Stored data entries
+ + + + + + +

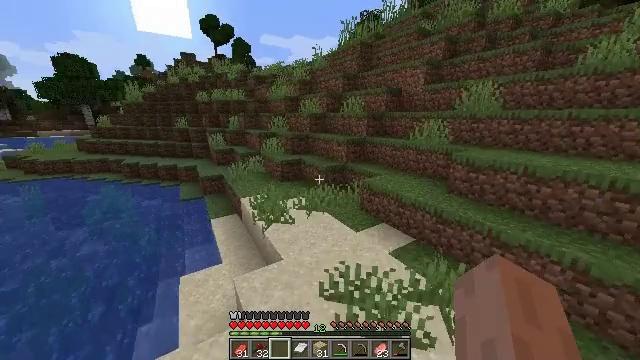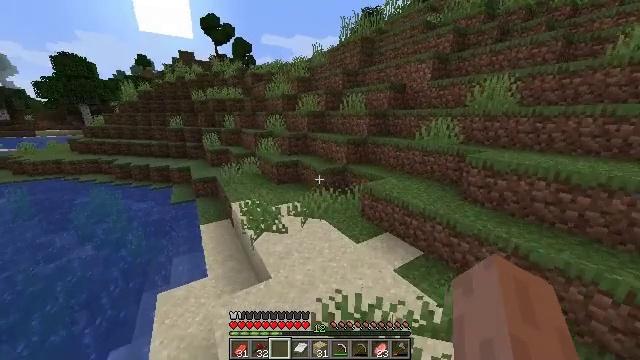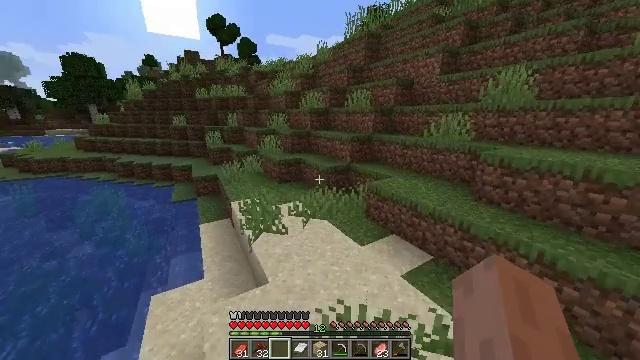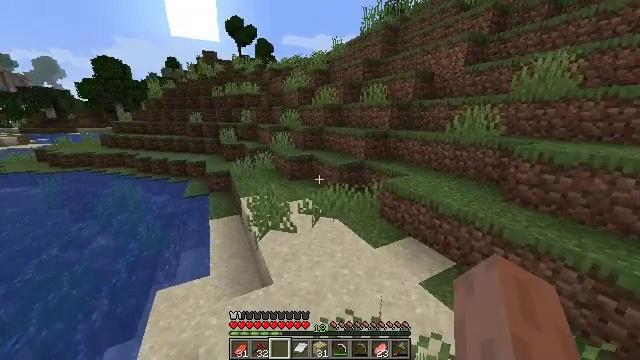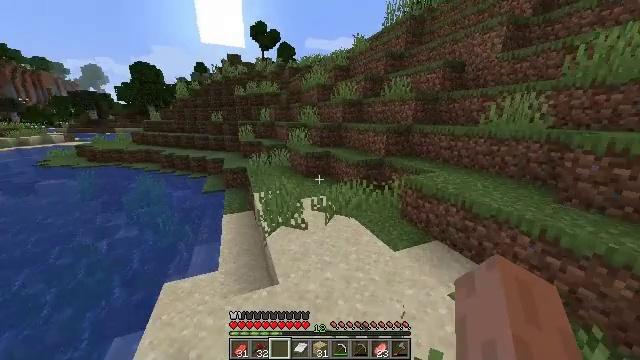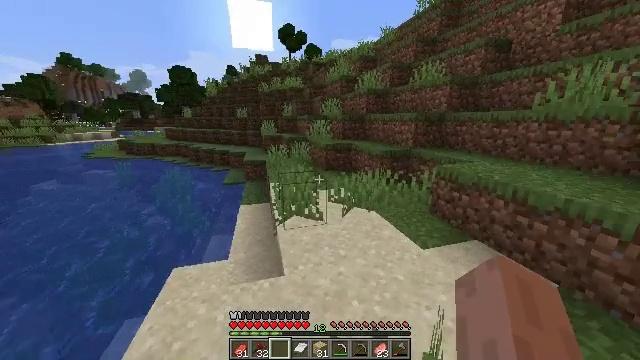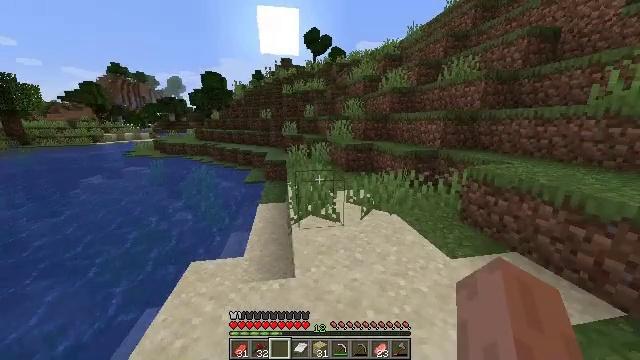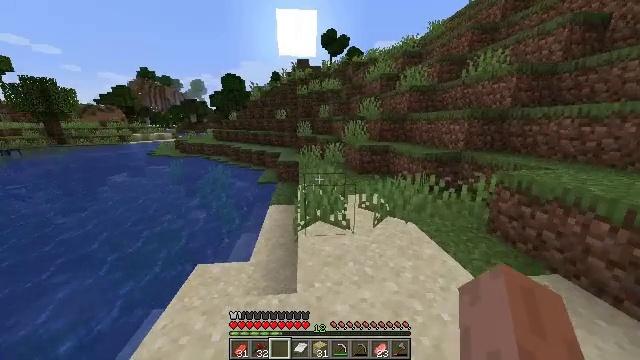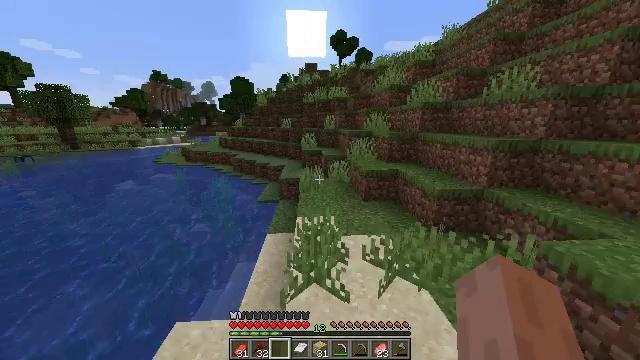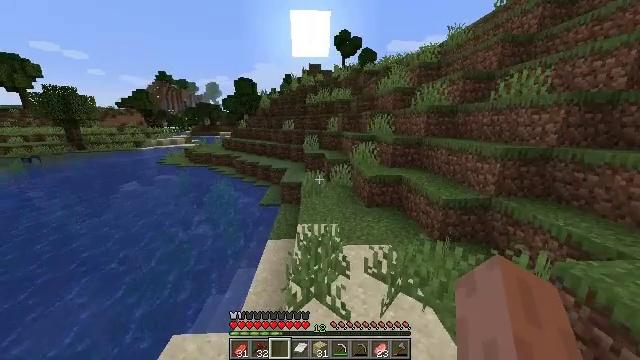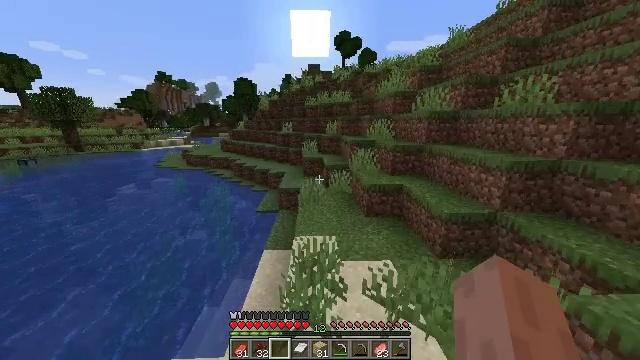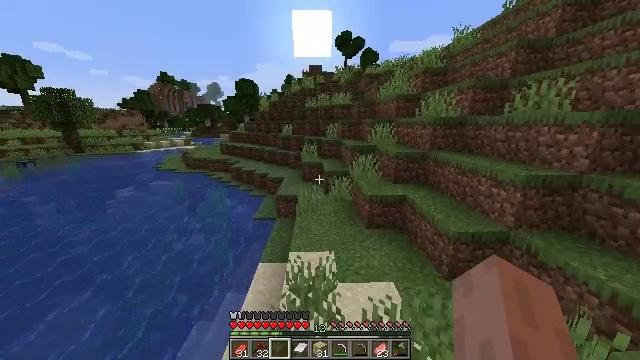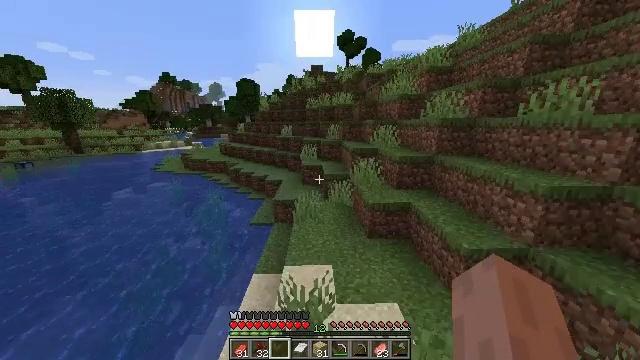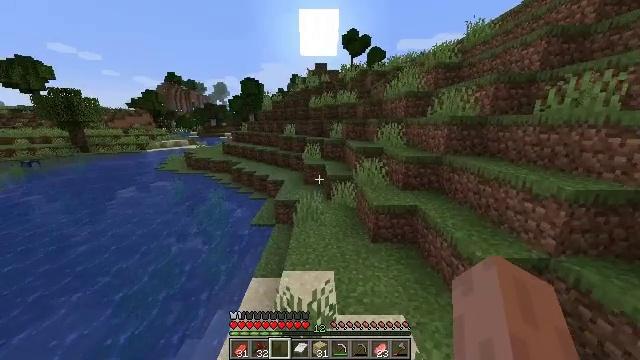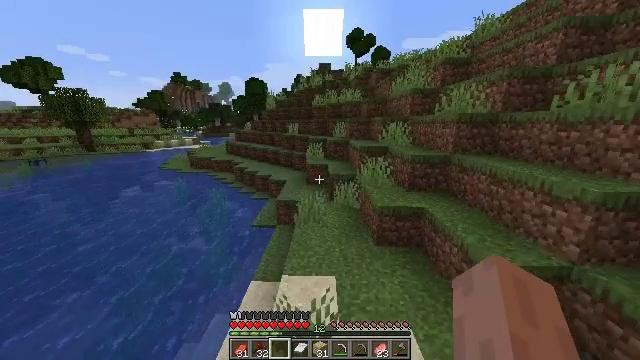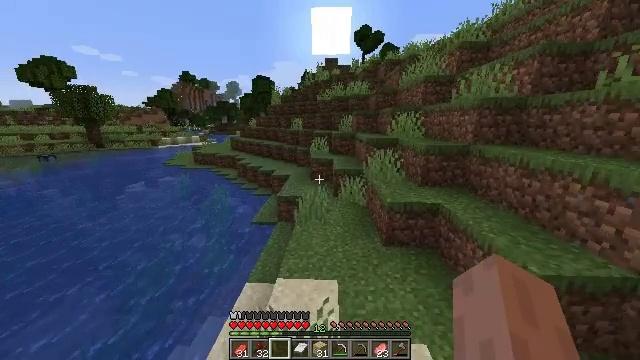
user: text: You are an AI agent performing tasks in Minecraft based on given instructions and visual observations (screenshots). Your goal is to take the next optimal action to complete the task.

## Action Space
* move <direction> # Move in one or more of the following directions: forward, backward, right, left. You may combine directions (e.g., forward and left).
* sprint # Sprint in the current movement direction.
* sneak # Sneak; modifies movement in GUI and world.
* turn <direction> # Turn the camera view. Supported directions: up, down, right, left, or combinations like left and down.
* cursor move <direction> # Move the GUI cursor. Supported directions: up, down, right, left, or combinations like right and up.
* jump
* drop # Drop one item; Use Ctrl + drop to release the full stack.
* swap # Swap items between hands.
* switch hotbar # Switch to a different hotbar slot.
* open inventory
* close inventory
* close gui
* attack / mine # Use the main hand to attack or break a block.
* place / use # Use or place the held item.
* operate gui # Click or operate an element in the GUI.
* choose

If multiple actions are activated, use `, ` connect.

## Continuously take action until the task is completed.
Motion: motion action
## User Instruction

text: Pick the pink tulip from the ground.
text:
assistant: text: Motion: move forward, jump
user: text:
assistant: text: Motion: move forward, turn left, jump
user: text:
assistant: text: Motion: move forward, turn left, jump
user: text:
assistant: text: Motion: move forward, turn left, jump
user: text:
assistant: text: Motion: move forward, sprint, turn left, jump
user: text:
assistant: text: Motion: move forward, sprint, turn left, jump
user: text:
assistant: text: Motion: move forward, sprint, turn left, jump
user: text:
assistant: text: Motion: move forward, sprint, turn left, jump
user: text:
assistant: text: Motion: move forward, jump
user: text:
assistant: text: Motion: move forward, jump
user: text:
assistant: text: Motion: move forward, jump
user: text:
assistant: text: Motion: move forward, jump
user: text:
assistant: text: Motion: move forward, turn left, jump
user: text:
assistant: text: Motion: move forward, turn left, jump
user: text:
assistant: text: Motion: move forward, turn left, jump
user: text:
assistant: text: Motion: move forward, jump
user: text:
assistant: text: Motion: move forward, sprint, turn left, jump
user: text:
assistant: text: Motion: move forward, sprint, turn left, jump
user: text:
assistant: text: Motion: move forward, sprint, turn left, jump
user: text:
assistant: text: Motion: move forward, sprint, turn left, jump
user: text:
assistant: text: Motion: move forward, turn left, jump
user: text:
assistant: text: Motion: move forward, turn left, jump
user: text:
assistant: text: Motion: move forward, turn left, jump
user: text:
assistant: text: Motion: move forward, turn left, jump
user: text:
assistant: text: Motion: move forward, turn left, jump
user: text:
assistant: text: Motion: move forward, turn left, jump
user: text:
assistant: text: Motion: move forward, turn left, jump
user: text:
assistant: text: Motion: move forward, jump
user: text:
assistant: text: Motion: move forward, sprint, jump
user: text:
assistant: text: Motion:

+ + + + + + +

Your goal
Go line by line through the data and copy any that contain "movement".

Exercise solution
* sprint # Sprint in the current movement direction.
* sneak # Sneak; modifies movement in GUI and world.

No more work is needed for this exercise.